- **Data supplied**
......

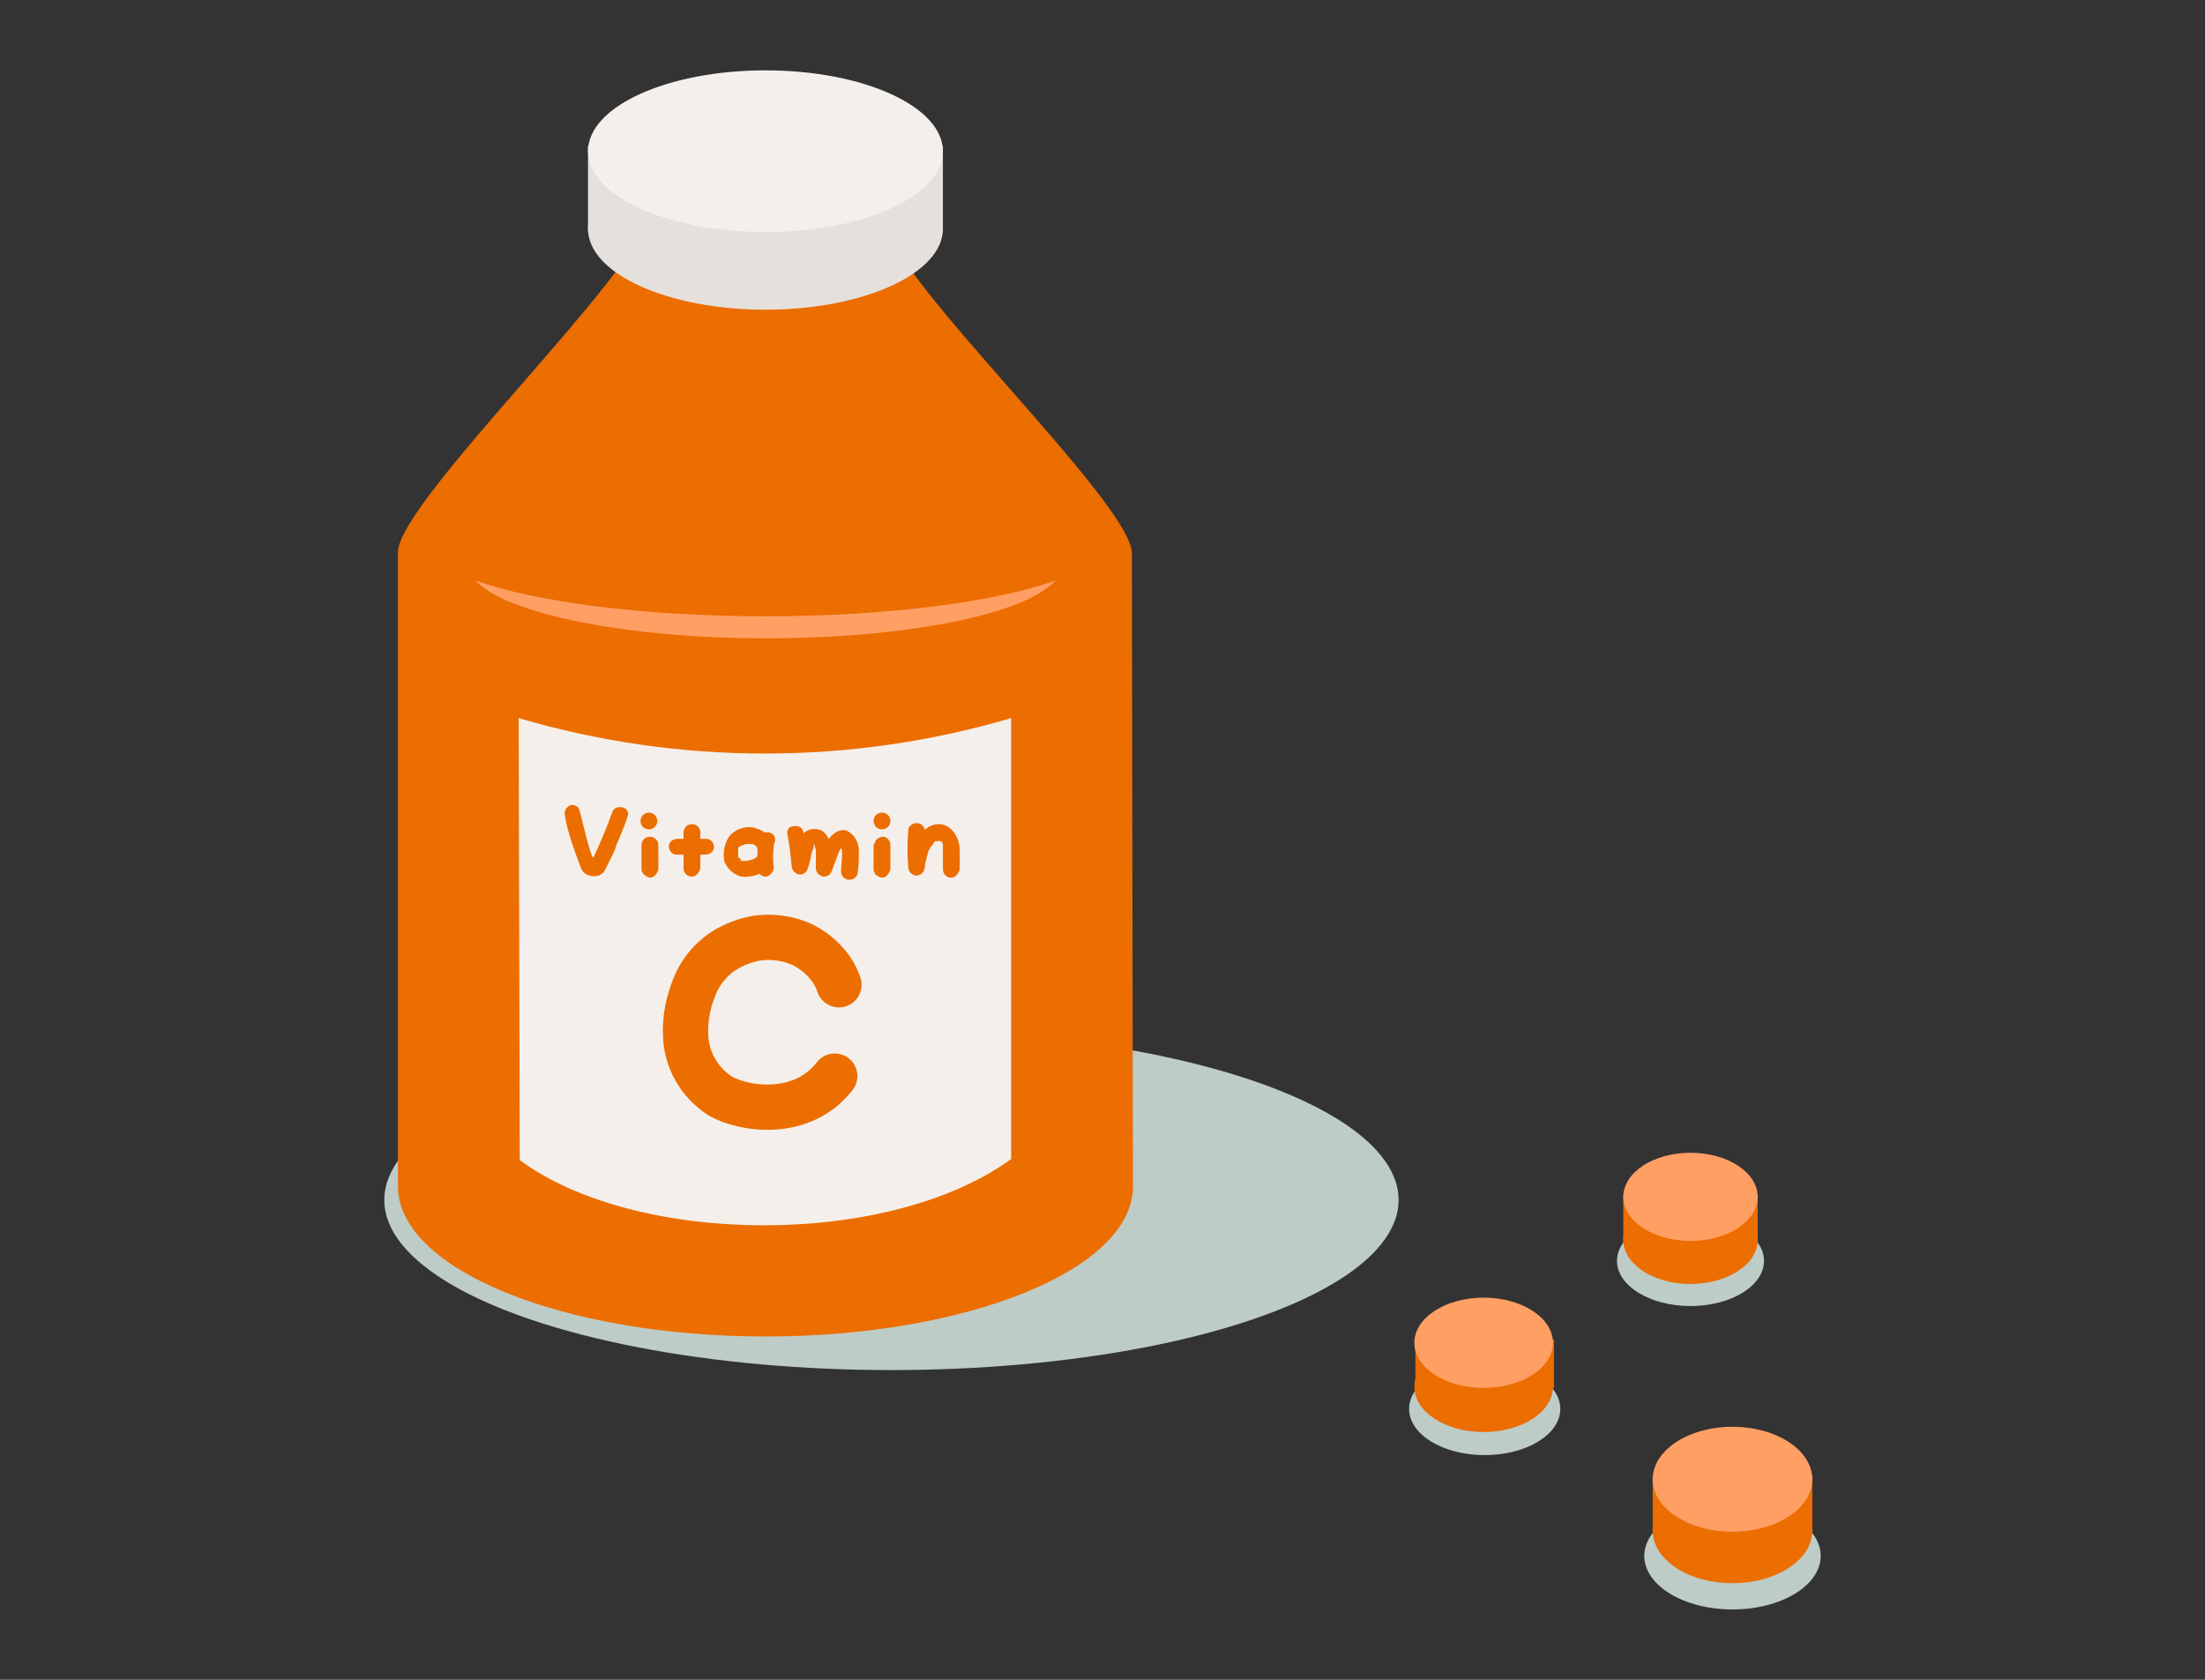 <?xml version="1.0" encoding="utf-8"?>
<!-- Generator: Adobe Illustrator 26.3.1, SVG Export Plug-In . SVG Version: 6.00 Build 0)  -->
<svg version="1.1" id="レイヤー_1" xmlns="http://www.w3.org/2000/svg" xmlns:xlink="http://www.w3.org/1999/xlink" x="0px"
	 y="0px" viewBox="0 0 210 160" style="enable-background:new 0 0 210 160;" xml:space="preserve">
<rect x="0" y="0" width="210" height="160" fill="#333333" stroke="none"/>
<style type="text/css">
	.st0{fill:#BDCCC7;}
	.st1{fill:#EC6D00;}
	.st2{fill:#FF9F64;}
	.st3{fill:#E5E0DB;}
	.st4{fill:#F4EFEA;}
	.st5{fill:none;stroke:#EC6D00;stroke-width:4.311;stroke-linecap:round;stroke-linejoin:round;}
</style>
<g id="レイヤー_2_00000075148132165488984320000009894509086399223177_">
	<g id="L_00000008828912237188889580000016556734730842536341_">
		<ellipse class="st0" cx="161" cy="120.1" rx="7" ry="4.3"/>
		<ellipse class="st1" cx="161" cy="118.1" rx="6.4" ry="4.2"/>
		<rect x="154.6" y="113.8" class="st1" width="12.8" height="4.5"/>
		<ellipse class="st2" cx="161" cy="114" rx="6.4" ry="4.2"/>
		<ellipse class="st0" cx="141.4" cy="134.2" rx="7.2" ry="4.4"/>
		<ellipse class="st1" cx="141.3" cy="132.1" rx="6.6" ry="4.3"/>
		<rect x="134.8" y="127.6" class="st1" width="13.2" height="4.6"/>
		<ellipse class="st2" cx="141.3" cy="127.9" rx="6.6" ry="4.3"/>
		<ellipse class="st0" cx="165" cy="148.2" rx="8.4" ry="5.1"/>
		<ellipse class="st1" cx="165" cy="145.8" rx="7.6" ry="5"/>
		<rect x="157.4" y="140.6" class="st1" width="15.2" height="5.3"/>
		<ellipse class="st2" cx="165" cy="140.9" rx="7.6" ry="5"/>
		<ellipse class="st0" cx="84.9" cy="114.3" rx="48.3" ry="16.2"/>
		<path class="st1" d="M107.8,52.7c0-4.8-23.3-26.6-23.3-31.4v-4.6l-23.3-0.2v4.7c0,4.4-23.3,26.6-23.3,31.4V113
			c0,7.9,15.7,14.3,35,14.3s35-6.4,35-14.3L107.8,52.7L107.8,52.7z"/>
		<path class="st2" d="M72.9,58.7c-11.8,0-22-1.4-27.6-3.4c2.8,3.1,14.1,5.5,27.6,5.5s24.8-2.3,27.6-5.5
			C94.9,57.3,84.6,58.7,72.9,58.7z"/>
		<ellipse class="st3" cx="72.9" cy="21.8" rx="16.9" ry="7.7"/>
		<rect x="56" y="13.9" class="st3" width="33.8" height="8.2"/>
		<ellipse class="st4" cx="72.9" cy="14.4" rx="16.9" ry="7.7"/>
		<path class="st4" d="M96.3,110.4c-11.7,8.5-35.7,8.3-46.8,0.1l-0.1-42.1c15.3,4.5,31.6,4.5,46.9,0V110.4z"/>
		<path class="st1" d="M53.8,77.7c0.3,1.7,0.9,3.3,1.5,4.9c0.2,0.7,1,1,1.7,0.8c0.3-0.1,0.5-0.3,0.6-0.5c0.2-0.4,0.4-0.8,0.6-1.2
			c0.2-0.4,0.4-0.8,0.5-1.2c0.4-0.9,0.8-1.9,1.1-2.8c0.1-0.4-0.2-0.8-0.6-0.8c-0.4-0.1-0.8,0.1-0.9,0.5c-0.5,1.4-1.1,2.8-1.7,4.1
			L56.4,82c0,0,0,0.1-0.1,0.1c0,0-0.1,0.1,0,0l0.1-0.1c0,0,0.1-0.1,0,0s0.2,0,0,0c0,0,0.2,0,0.1,0s0.1,0,0.1,0l0.1,0.1l0,0V82
			l-0.2-0.3c0,0,0-0.1-0.1-0.1l-0.1-0.3c-0.1-0.2-0.1-0.4-0.2-0.6c-0.1-0.4-0.2-0.7-0.3-1.1c-0.2-0.8-0.4-1.6-0.6-2.4
			c-0.1-0.4-0.5-0.6-0.9-0.5C53.9,76.9,53.7,77.3,53.8,77.7z"/>
		<path class="st1" d="M64.6,81.4c0.9,0,1.7,0,2.6,0c0.4,0,0.8-0.3,0.8-0.7c0-0.4-0.3-0.8-0.7-0.8c-0.1,0-0.1,0-0.2,0
			c-0.9,0-1.7,0-2.6,0c-0.4,0-0.8,0.3-0.8,0.7c0,0.4,0.3,0.8,0.7,0.8C64.5,81.4,64.6,81.4,64.6,81.4z"/>
		<path class="st1" d="M65.1,79.3c0,1.1,0,2.3,0,3.4c0,0.4,0.3,0.8,0.8,0.8c0.4,0,0.7-0.4,0.8-0.8c0-1.1,0-2.3,0-3.4
			c0-0.4-0.3-0.8-0.8-0.8S65.1,78.9,65.1,79.3L65.1,79.3z"/>
		<path class="st1" d="M73.6,80.5c-0.2-0.8-0.8-1.4-1.6-1.6c-0.8-0.3-1.8,0-2.4,0.6c-0.3,0.3-0.5,0.8-0.6,1.2
			c-0.1,0.5-0.1,0.9,0,1.4c0.3,0.7,0.9,1.2,1.6,1.4c0.9,0.1,1.9-0.2,2.6-0.8c0.3-0.3,0.3-0.8,0-1.1s-0.8-0.3-1.1,0L72,81.7
			c-0.1,0.1,0.1-0.1,0,0l-0.2,0.1l-0.2,0.1h-0.1c0.1,0,0.1,0,0.1,0h-0.1c-0.1,0-0.2,0.1-0.4,0.1c-0.1,0,0.2,0,0.1,0h-0.3
			c-0.1,0-0.1,0-0.2,0c0,0,0.2,0,0.1,0h-0.1c-0.1,0-0.2,0-0.2-0.1c0.3,0.1,0.1,0.1,0.1,0l-0.1-0.1c0,0,0.1,0.1,0,0l-0.1-0.1l0,0l0,0
			v0.1c0-0.1-0.1-0.1-0.1-0.2c-0.1-0.1,0,0.1,0,0v-0.1v-0.1c0,0,0,0.2,0,0.1s0-0.2,0-0.3c0-0.1,0-0.1,0-0.1s0,0.2,0,0.1V81v-0.1
			c0,0,0-0.2,0-0.1s0,0,0,0c0-0.1,0-0.1,0.1-0.1c0,0,0-0.1,0.1-0.1c0.1-0.1-0.1,0.1,0,0l0.1-0.1h0.1c-0.1,0.1-0.1,0.1-0.1,0h0.1h0.1
			l0,0l0.2-0.1c0,0,0.2,0,0.1,0c-0.1,0,0.1,0,0.1,0h0.3c0.1,0,0,0-0.1,0c0.1,0,0.1,0,0.2,0h0.1h-0.1h0.1c0.1,0,0.1,0.1,0.2,0.1l0,0
			c0.1,0.1-0.1-0.1,0,0l0.1,0.1l0.1,0.1c0,0-0.1-0.2,0,0v0.1c0.1,0.1,0-0.1,0,0s0.1,0.2,0.1,0.3c0.1,0.4,0.6,0.6,1,0.5
			C73.5,81.3,73.7,80.9,73.6,80.5L73.6,80.5z"/>
		<path class="st1" d="M72.3,79.8c-0.2,1-0.2,2-0.1,3c0,0.2,0.1,0.4,0.2,0.5s0.3,0.2,0.5,0.2c0.4,0,0.7-0.4,0.8-0.8
			c-0.1-0.7-0.1-1.5,0-2.2v0.2c0-0.2,0-0.4,0.1-0.5c0.1-0.4-0.1-0.8-0.5-0.9C72.8,79.2,72.4,79.4,72.3,79.8L72.3,79.8z"/>
		<path class="st1" d="M75,79.5c0.2,1,0.3,2,0.4,3c0,0.4,0.4,0.8,0.8,0.8c0.3,0,0.6-0.2,0.7-0.5c0.2-0.5,0.3-1,0.4-1.6
			c0.1-0.2,0.2-0.4,0.2-0.7c0-0.1-0.1,0.1,0,0l0.1-0.1c0-0.1,0,0,0,0s0.2-0.2,0,0c0,0,0.1-0.1,0,0s0.1,0,0.1,0s-0.1,0-0.1-0.1
			s-0.1-0.2-0.1,0c0.1,0.1,0.1,0.2,0.1,0.3c0,0.1,0.1,0.3,0.1,0.4s0,0.2,0,0.3c0,0.2,0,0.3,0,0.5c0,0.3,0,0.6,0,0.9
			c0,0.4,0.3,0.7,0.7,0.8c0.4,0,0.7-0.2,0.8-0.5c0.2-0.5,0.4-1.1,0.6-1.6c0.1-0.3,0.2-0.5,0.4-0.7l0.1-0.1c0.1-0.1,0,0,0,0
			s0.1,0,0,0h-0.1c0,0-0.2,0,0,0c-0.1,0-0.1,0-0.2-0.1c-0.1,0-0.1-0.1,0,0s0.1,0.2,0.1,0.2c0.1,0.2,0.1,0.4,0.1,0.7
			c0,0.5-0.1,1.1-0.1,1.6c0,0.4,0.3,0.8,0.8,0.8c0.4,0,0.8-0.3,0.8-0.8c0.1-0.7,0.1-1.4,0.1-2c0-0.8-0.5-1.6-1.2-1.9
			c-0.9-0.2-1.6,0.6-2,1.3c-0.4,0.7-0.7,1.5-0.9,2.2l1.5,0.2c0.1-0.8,0.1-1.6-0.1-2.4c-0.1-0.4-0.3-0.8-0.6-1.1
			c-0.3-0.3-0.8-0.4-1.3-0.3c-0.7,0.2-1.2,0.8-1.3,1.5c-0.2,0.6-0.3,1.3-0.5,1.9l1.5,0.2c-0.1-1.2-0.2-2.3-0.4-3.4
			c-0.1-0.4-0.5-0.6-0.9-0.5l0,0C75.1,78.7,74.9,79.1,75,79.5z"/>
		<path class="st1" d="M86.5,79.1c-0.1,1.2-0.1,2.3,0,3.5c0,0.4,0.3,0.7,0.7,0.8c0.4,0,0.7-0.2,0.8-0.5c0.1-0.6,0.2-1.1,0.4-1.7
			v-0.1c0,0-0.1,0.2,0,0l0.1-0.2c0.1-0.1,0.1-0.2,0.2-0.3c0.1-0.1,0.2-0.2,0.2-0.3c0,0-0.1,0.1,0,0.1v-0.1l0.1-0.1l0.1-0.1h0.1
			l-0.1,0.1l0.2-0.1c0.1,0-0.1,0,0,0h0.1c0,0-0.1,0,0,0s0.1,0,0,0s0,0,0,0s0.1,0.1,0,0s0,0,0,0h0.1l0.1,0.1c0.1,0.1,0,0,0-0.1
			l0.1,0.1c0,0.1,0.1,0.1,0.1,0.2v-0.1v0.1c0,0.1,0,0.1,0,0.2s0,0.2,0,0.2c0,0.1,0-0.1,0,0s0,0.1,0,0.2c0,0.6,0,1.2,0,1.8
			c0,0.4,0.3,0.8,0.8,0.8c0.4,0,0.7-0.4,0.8-0.8c0-0.6,0-1.2,0-1.8c0-0.8-0.3-1.5-0.8-2c-0.3-0.3-0.7-0.5-1.2-0.5
			c-0.4,0-0.7,0.1-1,0.3c-0.2,0.1-0.4,0.3-0.6,0.5c-0.2,0.3-0.3,0.6-0.5,0.9c-0.3,0.7-0.6,1.5-0.7,2.3l1.5,0.2
			c-0.1-1.2-0.1-2.3,0-3.5c0-0.4-0.3-0.8-0.8-0.8C86.9,78.4,86.5,78.7,86.5,79.1L86.5,79.1z"/>
		<path class="st1" d="M61.1,80.5c0,0.8,0,1.5,0,2.3c0,0.4,0.4,0.7,0.8,0.8c0.4,0,0.7-0.4,0.8-0.8c0-0.8,0-1.5,0-2.3
			c0-0.4-0.3-0.8-0.8-0.8C61.5,79.7,61.1,80,61.1,80.5z"/>
		<circle class="st1" cx="61.8" cy="78.2" r="0.8"/>
		<path class="st1" d="M83.2,80.5c0,0.8,0,1.5,0,2.3c0,0.4,0.3,0.7,0.8,0.8c0.4,0,0.7-0.4,0.8-0.8c0-0.8,0-1.5,0-2.3
			c0-0.4-0.3-0.8-0.7-0.8s-0.8,0.3-0.8,0.7C83.2,80.3,83.2,80.4,83.2,80.5z"/>
		<circle class="st1" cx="84" cy="78.2" r="0.8"/>
		<path class="st5" d="M79.9,93.8c-0.5-1.5-1.6-2.7-2.9-3.5s-2.9-1.1-4.4-1c-1.2,0.1-2.3,0.5-3.4,1.1c-1.2,0.7-2.2,1.8-2.8,3
			c-0.8,1.7-1.2,3.5-1.1,5.3c0.1,2.3,1.3,4.4,3.3,5.7c2.3,1.3,7.8,2.1,10.9-1.9"/>
	</g>
</g>
</svg>

......

Search the entries above for lines containing the word "height", and copy each one.

- **Expected answer**
<rect x="0" y="0" width="210" height="160" fill="#333333" stroke="none"/>
		<rect x="154.6" y="113.8" class="st1" width="12.8" height="4.5"/>
		<rect x="134.8" y="127.6" class="st1" width="13.2" height="4.6"/>
		<rect x="157.4" y="140.6" class="st1" width="15.2" height="5.3"/>
		<rect x="56" y="13.9" class="st3" width="33.8" height="8.2"/>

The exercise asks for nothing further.